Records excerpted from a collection
Start of Block

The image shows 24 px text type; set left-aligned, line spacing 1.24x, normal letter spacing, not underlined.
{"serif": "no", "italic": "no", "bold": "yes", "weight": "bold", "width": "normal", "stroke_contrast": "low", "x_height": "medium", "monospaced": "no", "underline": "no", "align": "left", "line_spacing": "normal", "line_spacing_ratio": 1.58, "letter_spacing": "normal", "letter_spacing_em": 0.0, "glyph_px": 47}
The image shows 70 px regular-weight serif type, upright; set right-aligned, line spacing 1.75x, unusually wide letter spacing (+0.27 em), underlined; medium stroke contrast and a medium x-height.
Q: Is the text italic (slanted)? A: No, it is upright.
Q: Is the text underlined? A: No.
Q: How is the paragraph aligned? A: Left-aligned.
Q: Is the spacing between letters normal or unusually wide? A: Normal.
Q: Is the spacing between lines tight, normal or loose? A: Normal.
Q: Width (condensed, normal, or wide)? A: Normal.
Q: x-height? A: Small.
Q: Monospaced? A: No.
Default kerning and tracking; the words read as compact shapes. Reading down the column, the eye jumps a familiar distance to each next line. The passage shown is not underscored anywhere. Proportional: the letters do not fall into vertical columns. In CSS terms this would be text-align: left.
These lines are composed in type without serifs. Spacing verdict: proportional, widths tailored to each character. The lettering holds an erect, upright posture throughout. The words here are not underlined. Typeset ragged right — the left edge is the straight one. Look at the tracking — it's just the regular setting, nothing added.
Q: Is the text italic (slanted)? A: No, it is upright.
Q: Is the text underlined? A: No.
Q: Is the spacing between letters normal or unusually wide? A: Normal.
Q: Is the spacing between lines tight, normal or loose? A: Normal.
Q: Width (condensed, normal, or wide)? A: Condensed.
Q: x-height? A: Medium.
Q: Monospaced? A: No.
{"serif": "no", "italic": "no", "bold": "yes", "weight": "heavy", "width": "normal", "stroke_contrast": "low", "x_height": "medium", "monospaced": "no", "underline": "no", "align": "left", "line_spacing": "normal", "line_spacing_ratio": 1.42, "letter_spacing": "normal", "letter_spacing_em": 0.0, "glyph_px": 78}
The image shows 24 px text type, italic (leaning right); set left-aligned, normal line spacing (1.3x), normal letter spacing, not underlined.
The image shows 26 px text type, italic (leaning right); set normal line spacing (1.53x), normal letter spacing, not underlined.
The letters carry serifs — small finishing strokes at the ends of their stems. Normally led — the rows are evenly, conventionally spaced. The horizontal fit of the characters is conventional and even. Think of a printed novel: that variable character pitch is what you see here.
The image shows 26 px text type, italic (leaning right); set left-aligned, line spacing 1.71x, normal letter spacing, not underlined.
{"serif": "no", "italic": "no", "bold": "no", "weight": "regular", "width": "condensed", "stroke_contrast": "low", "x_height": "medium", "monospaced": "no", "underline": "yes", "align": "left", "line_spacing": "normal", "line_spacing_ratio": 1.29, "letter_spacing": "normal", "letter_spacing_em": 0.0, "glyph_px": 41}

End of Block

Problem requirements ::
Set down every entry again, exactly as written.

Problem solution ::
The image shows 24 px text type; set left-aligned, line spacing 1.24x, normal letter spacing, not underlined.
{"serif": "no", "italic": "no", "bold": "yes", "weight": "bold", "width": "normal", "stroke_contrast": "low", "x_height": "medium", "monospaced": "no", "underline": "no", "align": "left", "line_spacing": "normal", "line_spacing_ratio": 1.58, "letter_spacing": "normal", "letter_spacing_em": 0.0, "glyph_px": 47}
The image shows 70 px regular-weight serif type, upright; set right-aligned, line spacing 1.75x, unusually wide letter spacing (+0.27 em), underlined; medium stroke contrast and a medium x-height.
Q: Is the text italic (slanted)? A: No, it is upright.
Q: Is the text underlined? A: No.
Q: How is the paragraph aligned? A: Left-aligned.
Q: Is the spacing between letters normal or unusually wide? A: Normal.
Q: Is the spacing between lines tight, normal or loose? A: Normal.
Q: Width (condensed, normal, or wide)? A: Normal.
Q: x-height? A: Small.
Q: Monospaced? A: No.
Default kerning and tracking; the words read as compact shapes. Reading down the column, the eye jumps a familiar distance to each next line. The passage shown is not underscored anywhere. Proportional: the letters do not fall into vertical columns. In CSS terms this would be text-align: left.
These lines are composed in type without serifs. Spacing verdict: proportional, widths tailored to each character. The lettering holds an erect, upright posture throughout. The words here are not underlined. Typeset ragged right — the left edge is the straight one. Look at the tracking — it's just the regular setting, nothing added.
Q: Is the text italic (slanted)? A: No, it is upright.
Q: Is the text underlined? A: No.
Q: Is the spacing between letters normal or unusually wide? A: Normal.
Q: Is the spacing between lines tight, normal or loose? A: Normal.
Q: Width (condensed, normal, or wide)? A: Condensed.
Q: x-height? A: Medium.
Q: Monospaced? A: No.
{"serif": "no", "italic": "no", "bold": "yes", "weight": "heavy", "width": "normal", "stroke_contrast": "low", "x_height": "medium", "monospaced": "no", "underline": "no", "align": "left", "line_spacing": "normal", "line_spacing_ratio": 1.42, "letter_spacing": "normal", "letter_spacing_em": 0.0, "glyph_px": 78}
The image shows 24 px text type, italic (leaning right); set left-aligned, normal line spacing (1.3x), normal letter spacing, not underlined.
The image shows 26 px text type, italic (leaning right); set normal line spacing (1.53x), normal letter spacing, not underlined.
The letters carry serifs — small finishing strokes at the ends of their stems. Normally led — the rows are evenly, conventionally spaced. The horizontal fit of the characters is conventional and even. Think of a printed novel: that variable character pitch is what you see here.
The image shows 26 px text type, italic (leaning right); set left-aligned, line spacing 1.71x, normal letter spacing, not underlined.
{"serif": "no", "italic": "no", "bold": "no", "weight": "regular", "width": "condensed", "stroke_contrast": "low", "x_height": "medium", "monospaced": "no", "underline": "yes", "align": "left", "line_spacing": "normal", "line_spacing_ratio": 1.29, "letter_spacing": "normal", "letter_spacing_em": 0.0, "glyph_px": 41}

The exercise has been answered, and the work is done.